Im ersten Lebensjahr haben nach Einschätzung der US-Pädiater Fruchtsäfte keinen Nutzen für die Ernährung. Auch später sind sie für die Entwicklung nicht erforderlich. Heyman rät, dass Kinder im Alter von 1 bis 3 Jahren höchsten 4 Unzen (113 Gramm) Fruchtsäfte trinken, im Alter von 4 bis 6 Jahren seien bis zu 6 Unzen (170 Gramm) in Ordnung, im Alter zwischen 7 und 18 Jahren sollten es dann nicht mehr als 8 Unzen (226 Gramm) sein.

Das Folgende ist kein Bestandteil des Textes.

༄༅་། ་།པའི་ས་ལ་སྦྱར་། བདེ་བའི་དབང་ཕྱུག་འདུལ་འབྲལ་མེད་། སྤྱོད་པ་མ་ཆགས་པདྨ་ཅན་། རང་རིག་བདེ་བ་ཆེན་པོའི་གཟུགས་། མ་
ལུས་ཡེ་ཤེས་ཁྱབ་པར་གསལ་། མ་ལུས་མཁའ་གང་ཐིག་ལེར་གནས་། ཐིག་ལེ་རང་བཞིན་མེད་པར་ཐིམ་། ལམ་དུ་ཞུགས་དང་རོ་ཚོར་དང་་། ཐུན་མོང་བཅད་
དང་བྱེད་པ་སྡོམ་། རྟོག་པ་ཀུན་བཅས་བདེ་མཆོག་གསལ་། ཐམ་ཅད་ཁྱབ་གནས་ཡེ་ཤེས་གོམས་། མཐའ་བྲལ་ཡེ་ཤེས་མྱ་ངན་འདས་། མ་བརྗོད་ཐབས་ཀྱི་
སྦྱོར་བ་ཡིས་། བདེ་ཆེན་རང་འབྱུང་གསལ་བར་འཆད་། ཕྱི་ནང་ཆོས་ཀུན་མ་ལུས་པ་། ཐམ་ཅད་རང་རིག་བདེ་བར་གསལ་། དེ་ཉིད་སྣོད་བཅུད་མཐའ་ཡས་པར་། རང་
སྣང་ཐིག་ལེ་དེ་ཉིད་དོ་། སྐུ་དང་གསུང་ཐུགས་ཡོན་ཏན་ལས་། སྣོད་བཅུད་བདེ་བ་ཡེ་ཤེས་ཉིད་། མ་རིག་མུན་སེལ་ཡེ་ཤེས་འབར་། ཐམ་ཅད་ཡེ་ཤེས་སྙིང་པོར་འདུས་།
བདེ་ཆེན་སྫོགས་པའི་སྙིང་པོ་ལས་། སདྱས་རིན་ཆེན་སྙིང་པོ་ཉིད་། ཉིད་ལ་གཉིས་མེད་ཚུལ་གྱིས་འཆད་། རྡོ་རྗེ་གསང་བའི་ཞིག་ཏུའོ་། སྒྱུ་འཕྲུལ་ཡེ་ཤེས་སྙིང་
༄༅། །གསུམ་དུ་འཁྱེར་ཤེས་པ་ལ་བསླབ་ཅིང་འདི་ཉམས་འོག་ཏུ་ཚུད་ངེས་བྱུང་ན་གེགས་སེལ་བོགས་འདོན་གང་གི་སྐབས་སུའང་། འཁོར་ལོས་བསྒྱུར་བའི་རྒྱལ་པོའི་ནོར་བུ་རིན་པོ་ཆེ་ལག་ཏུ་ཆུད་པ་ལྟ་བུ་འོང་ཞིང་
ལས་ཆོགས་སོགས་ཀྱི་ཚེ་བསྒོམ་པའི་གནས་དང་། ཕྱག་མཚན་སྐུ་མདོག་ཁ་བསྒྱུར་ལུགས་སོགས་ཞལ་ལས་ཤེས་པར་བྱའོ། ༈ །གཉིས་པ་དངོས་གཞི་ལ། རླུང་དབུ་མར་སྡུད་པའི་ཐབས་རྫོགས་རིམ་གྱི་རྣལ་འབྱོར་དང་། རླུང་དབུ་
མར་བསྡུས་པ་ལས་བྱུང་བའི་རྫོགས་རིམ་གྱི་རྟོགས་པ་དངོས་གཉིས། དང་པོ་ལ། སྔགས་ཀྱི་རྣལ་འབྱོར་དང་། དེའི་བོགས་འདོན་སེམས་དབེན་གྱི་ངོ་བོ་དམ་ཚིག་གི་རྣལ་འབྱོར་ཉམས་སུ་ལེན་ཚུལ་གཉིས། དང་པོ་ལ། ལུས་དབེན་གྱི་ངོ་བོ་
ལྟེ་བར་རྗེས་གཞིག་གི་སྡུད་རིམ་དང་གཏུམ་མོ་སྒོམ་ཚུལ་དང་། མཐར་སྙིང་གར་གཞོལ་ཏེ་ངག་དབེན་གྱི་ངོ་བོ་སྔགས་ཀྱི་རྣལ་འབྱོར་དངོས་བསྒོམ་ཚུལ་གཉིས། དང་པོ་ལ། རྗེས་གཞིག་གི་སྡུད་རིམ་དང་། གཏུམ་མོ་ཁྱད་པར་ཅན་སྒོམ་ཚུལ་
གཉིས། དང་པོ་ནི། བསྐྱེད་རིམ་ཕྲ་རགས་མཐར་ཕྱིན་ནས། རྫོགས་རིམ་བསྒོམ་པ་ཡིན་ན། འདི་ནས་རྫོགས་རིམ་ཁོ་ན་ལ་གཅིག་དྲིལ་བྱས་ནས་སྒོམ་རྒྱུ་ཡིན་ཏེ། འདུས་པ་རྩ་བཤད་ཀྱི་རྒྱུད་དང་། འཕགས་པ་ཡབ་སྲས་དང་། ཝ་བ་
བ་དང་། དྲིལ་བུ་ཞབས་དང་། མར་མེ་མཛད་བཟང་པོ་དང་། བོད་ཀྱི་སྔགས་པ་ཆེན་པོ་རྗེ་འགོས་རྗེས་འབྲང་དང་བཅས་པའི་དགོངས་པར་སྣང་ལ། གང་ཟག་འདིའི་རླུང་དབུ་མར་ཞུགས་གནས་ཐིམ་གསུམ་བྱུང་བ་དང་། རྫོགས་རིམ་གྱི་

Krabbelkinder sollten keine Schnabeltassen erhalten, aus denen sie nach Bedarf Fruchtsäfte konsumieren können. Die dadurch erzielte langfristige Exposition der Zähne mit Zucker fördere die Karies. Auch die verbreitete Praxis, den Kindern das Einschlafen mit einem Saft zu versüßen, sollte nach Ansicht der US-Pädiater unterbleiben. Generell sollten bei kleinen Kindern Milch und bei größeren Kindern Wasser zum Stillen des Durstes bevorzugt werden.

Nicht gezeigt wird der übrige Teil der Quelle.